Ah, while the concepts are the same, the business model, and the underlying architecture, for cloud solutions are different. This gives you dramatically different margins and price points. After all, you now charge for a service, not a license cost. The SaaS vendors also tend to charge for what you use, not a predetermined amount.
Everyone seems to agree with the analysis of certain industry cases where incumbents were unseated by upstarts, that it was, in hindsight, due to disruptive technology. The discussion above makes it clear that disruptive technology is not so simple to pin point going forward.
It’s easy to analyze something later and make the facts fit the mold of the model, it’s harder to do that moving forward. Hence the disagreement of whether cloud based computing or SharePoint are disruptive technologies or merely sustaining innovations.
Unless I’m mistaken, cloud based computing is a platform, while SharePoint is an application. So both can be disruptive innovations without violating the model. Given the definition of disruptive innovations as being cheaper, more convenient and serving the fringe markets, at least to begin with, then both technologies apply.
If cloud based computing has a different architecture, conceptual structure, or uses different concepts than server based computing, then it can be seen as a possible disruptive innovation. The reason is that in order to run an application in the cloud, the software engineering required will be different than for server applications. Meaning you can’t simply take your product from one instance to the other without re-engineering the processes. If this is the case, then cloud computing is a disruptive technology for software creators.
Does that make cloud computing a disruptive technology for others? Sure it does. Hardware suppliers, system vendors, IT professionals, and others will all be affected should cloud computing become more widely accepted.
But just because something is a disruptive technology doesn’t necessarily mean it will disrupt the incumbents. For that to happen, as pointed out in the book, the proponents of the technology must have sufficient resources, the right strategy and the right timing to continue to build market share. And hopefully nothing comes along with a steeper market acceptance curve.

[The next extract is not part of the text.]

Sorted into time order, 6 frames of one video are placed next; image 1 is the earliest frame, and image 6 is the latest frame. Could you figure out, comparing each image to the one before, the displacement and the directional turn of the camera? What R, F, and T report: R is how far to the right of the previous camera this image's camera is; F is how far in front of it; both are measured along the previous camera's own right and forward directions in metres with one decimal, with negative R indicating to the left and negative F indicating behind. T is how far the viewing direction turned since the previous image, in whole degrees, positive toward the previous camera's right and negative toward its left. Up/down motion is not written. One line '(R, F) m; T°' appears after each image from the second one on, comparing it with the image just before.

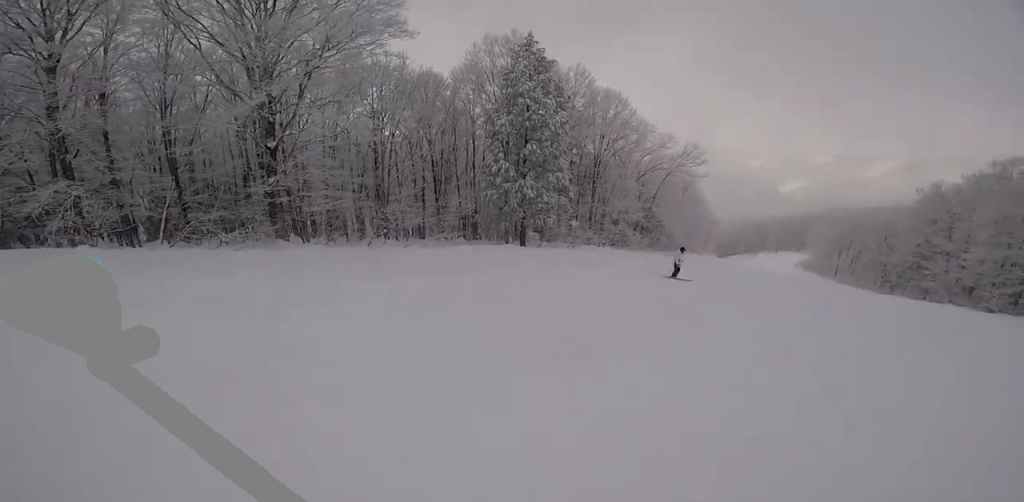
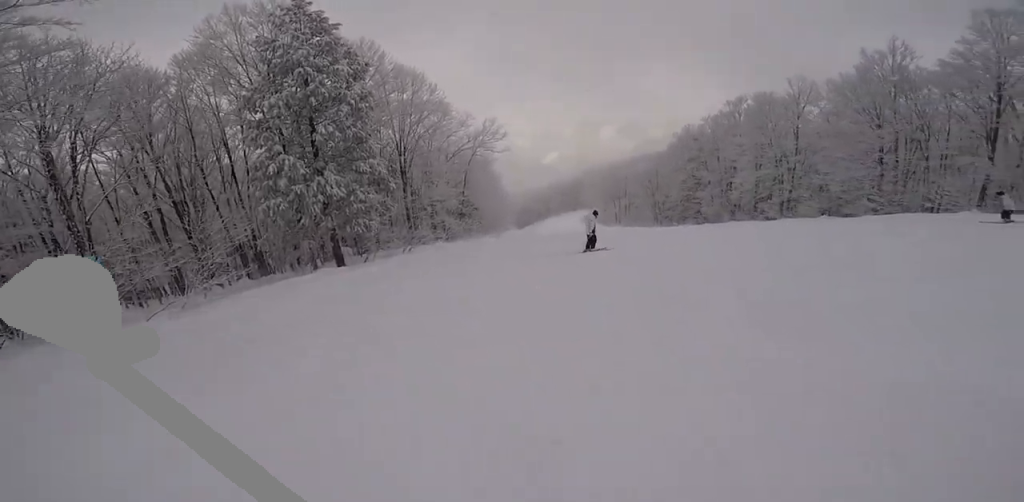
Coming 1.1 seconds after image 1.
(+0.2, +5.4) m; +25°
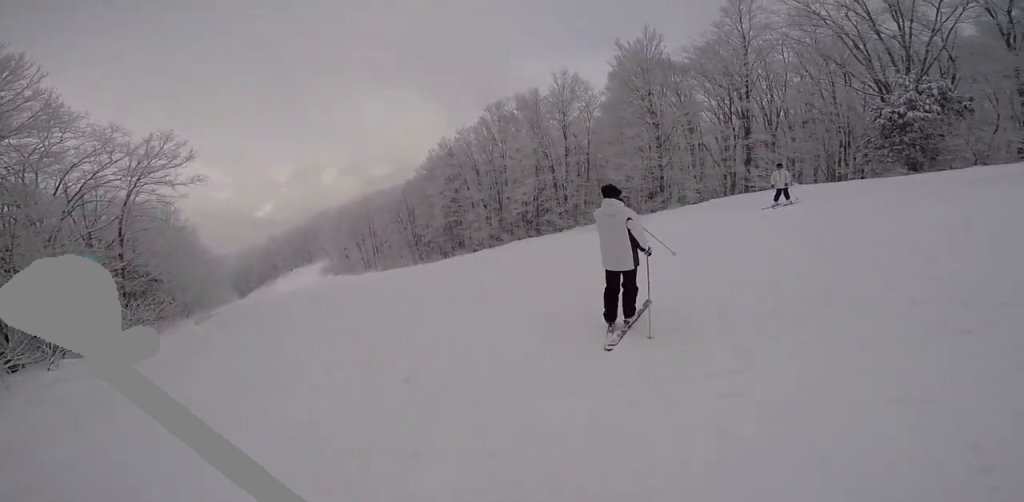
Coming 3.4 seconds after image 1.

When you’re small, what you need to do, is place your bet, then work like hell to make your vision of the future come true. When you’re larger and more established, you need to spread your bets using the arms length externalization model laid out in the book.
Or you can wait 10 years or so on the sidelines, keeping track of the score, then fit all of it into the model and say . . . “There, that was the disruptive technology!”
Thanks for the insight, very solid. For me, SP is a new, successful, competitor in the existing Content Management industry. Not unlike the Japanese car industry invading the US. Cloud is more than tech, it also a big difference in the financial model that makes it challenging for the established vendors to introduce the tech.
Of course, you are correct. We’ll know in 10 years or so.